- [WHAT TO PRODUCE] Reproduce every record verbatim but drop the pictures.
= Beginning of Section =
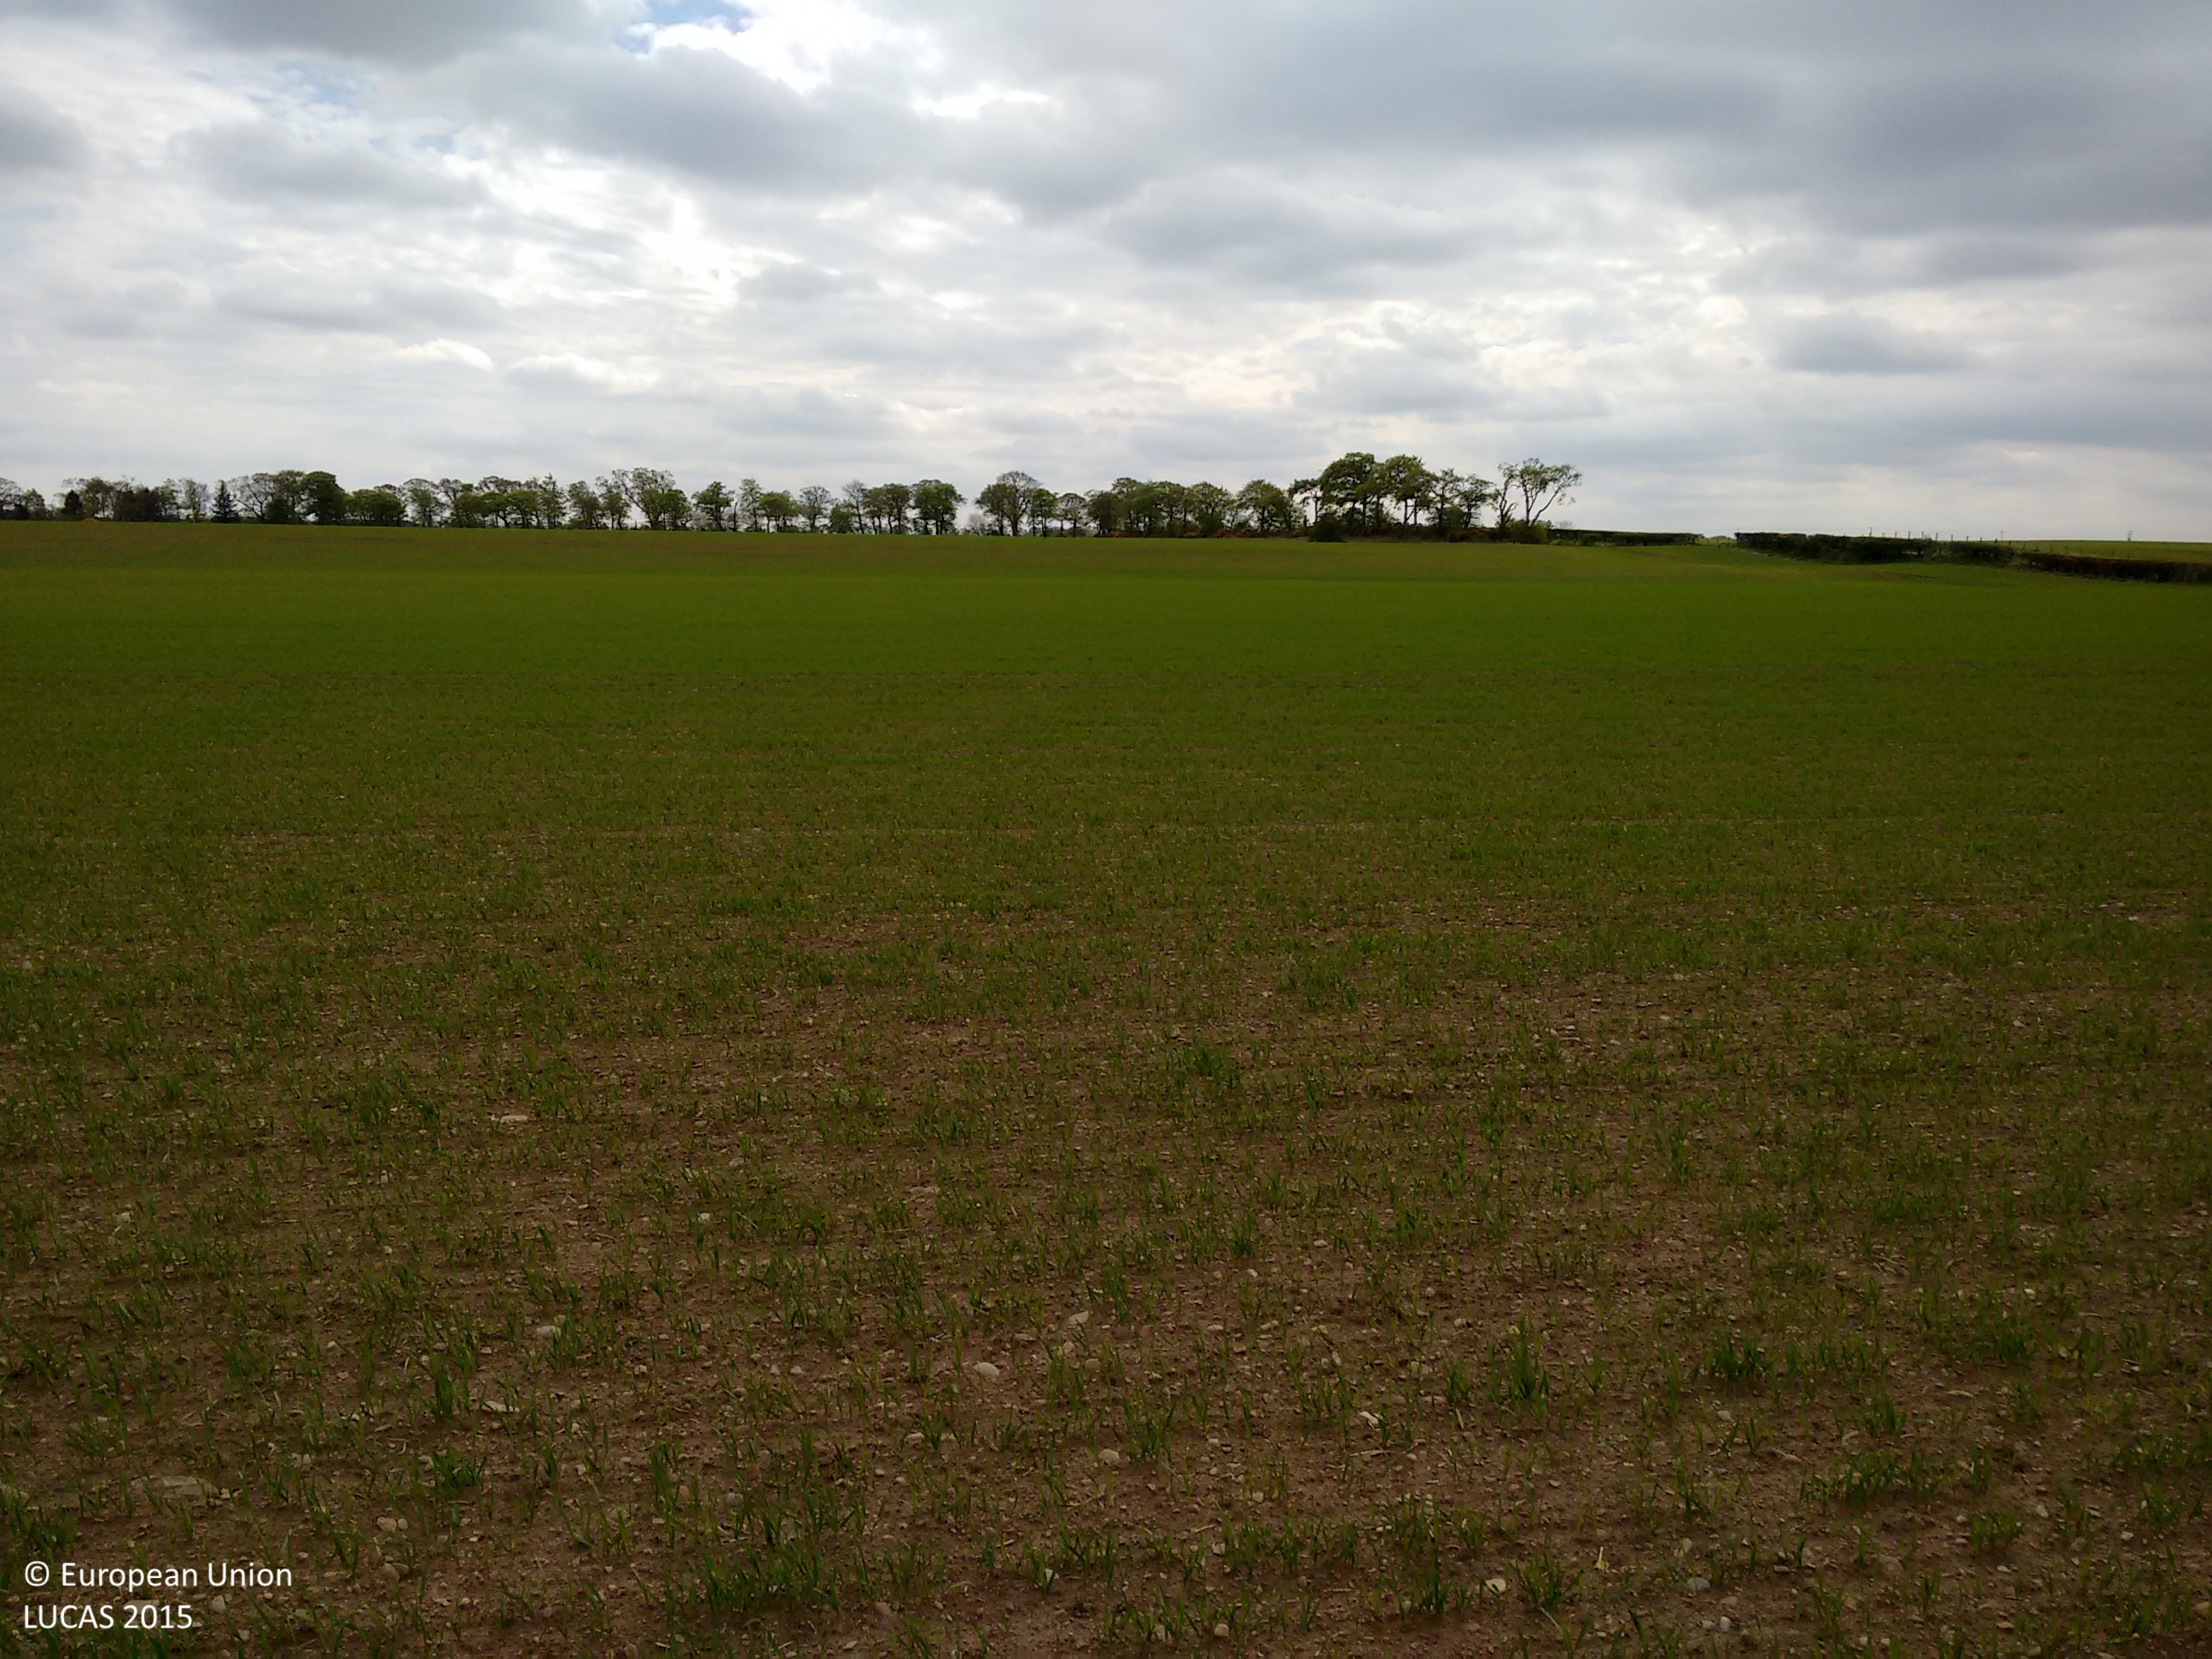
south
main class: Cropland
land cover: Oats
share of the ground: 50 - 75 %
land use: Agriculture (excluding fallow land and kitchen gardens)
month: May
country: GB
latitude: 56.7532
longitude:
= End of Section =
- [TASK RESPONSE]
south
main class: Cropland
land cover: Oats
share of the ground: 50 - 75 %
land use: Agriculture (excluding fallow land and kitchen gardens)
month: May
country: GB
latitude: 56.7532
longitude:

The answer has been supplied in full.